-- Opening Marker --

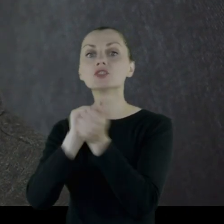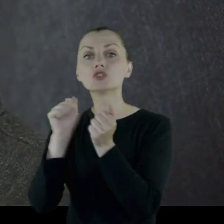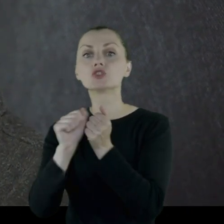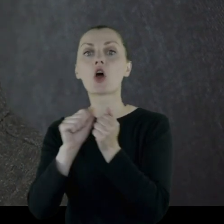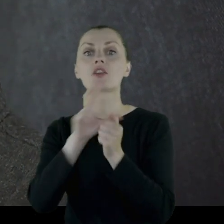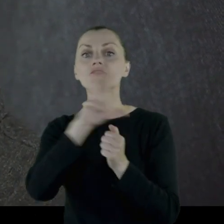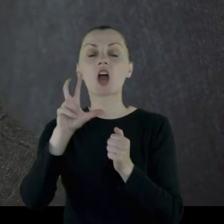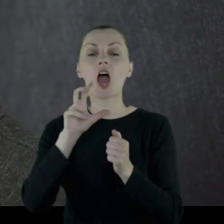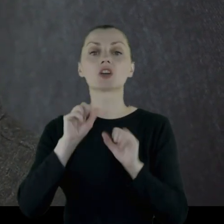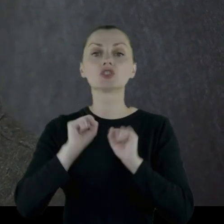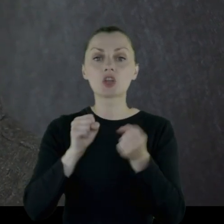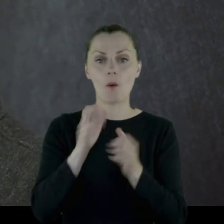w czasie działań wojennych.
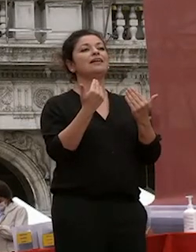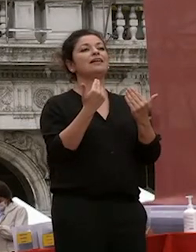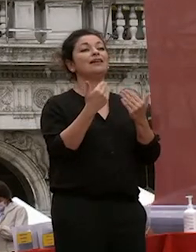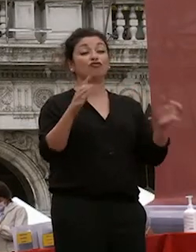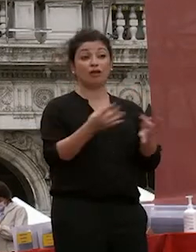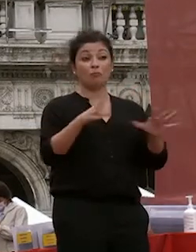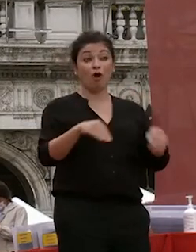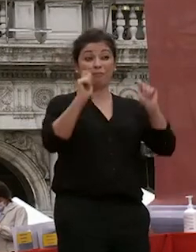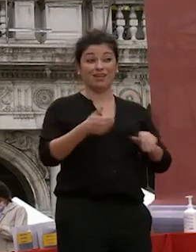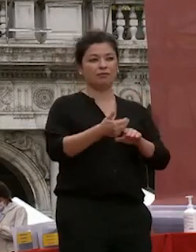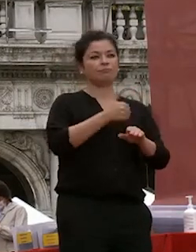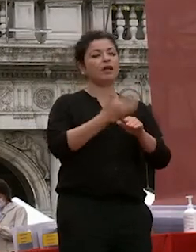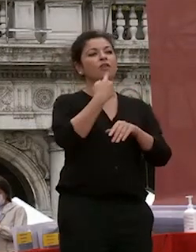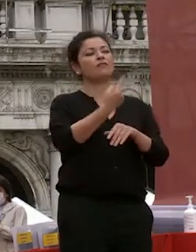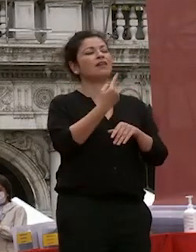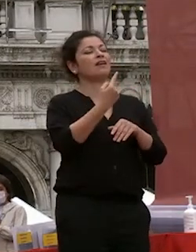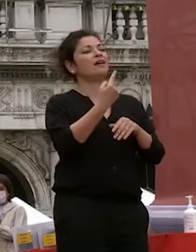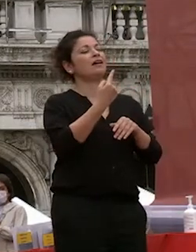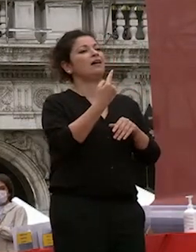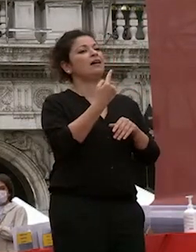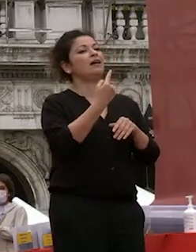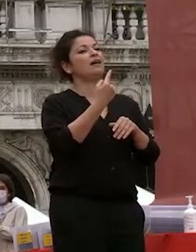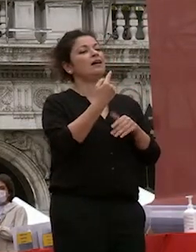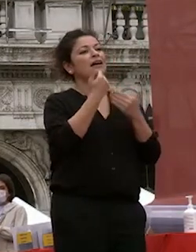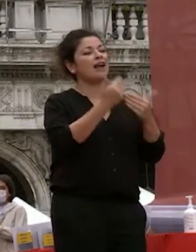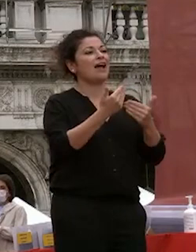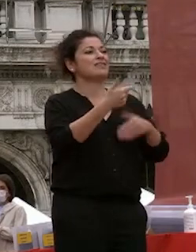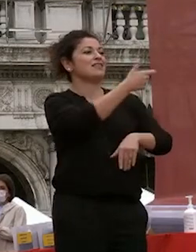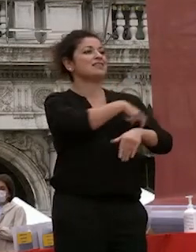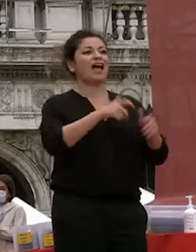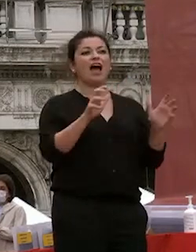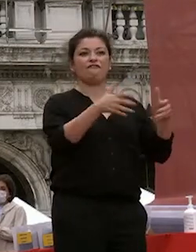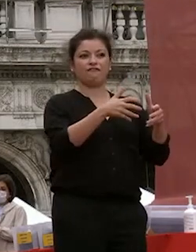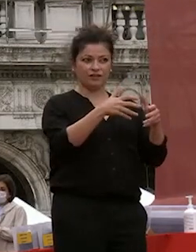a breve discorso lo staff già fatto nelle precedenti edizioni di questi
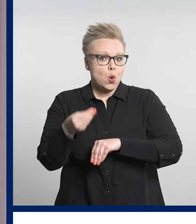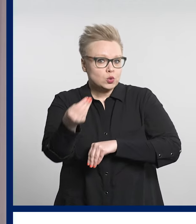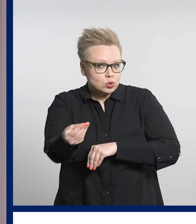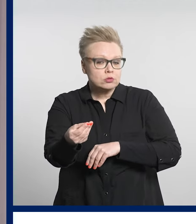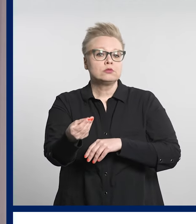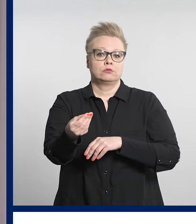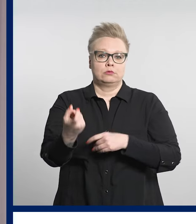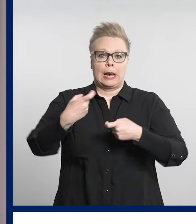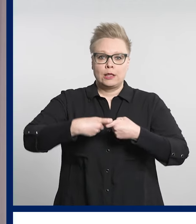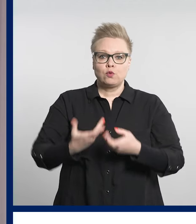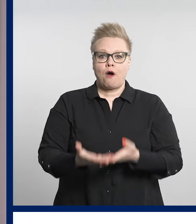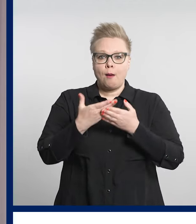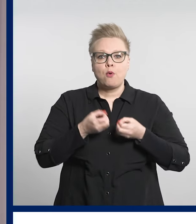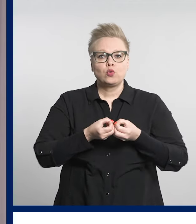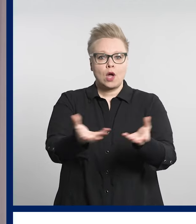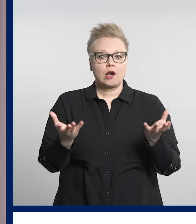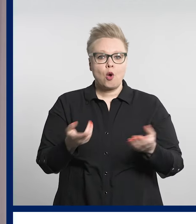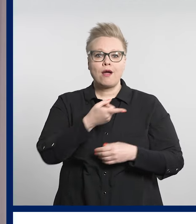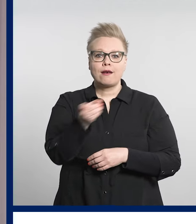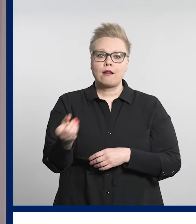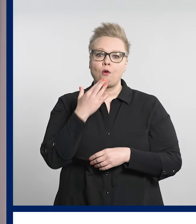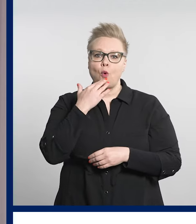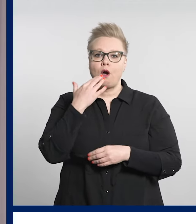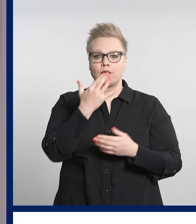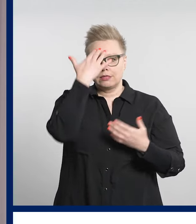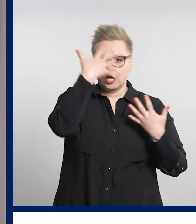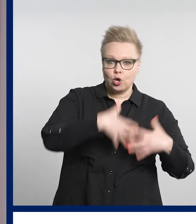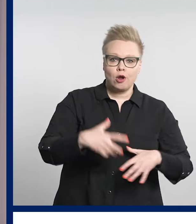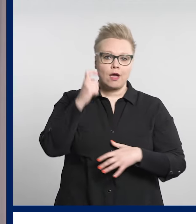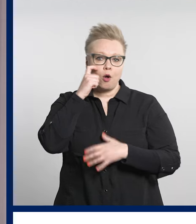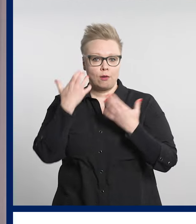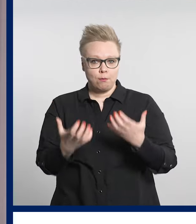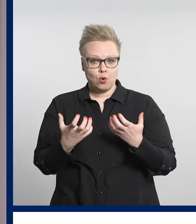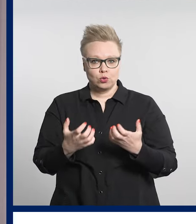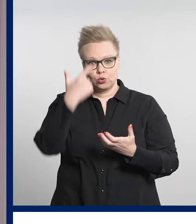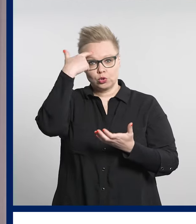niille, joilla ei ole välineitä digitaaliseen tunnistautumiseen.

-- Closing Marker --

#### Task item:
Restate all of the material word for word. Keep out every picture.

#### Solution:
w czasie działań wojennych.
a breve discorso lo staff già fatto nelle precedenti edizioni di questi
niille, joilla ei ole välineitä digitaaliseen tunnistautumiseen.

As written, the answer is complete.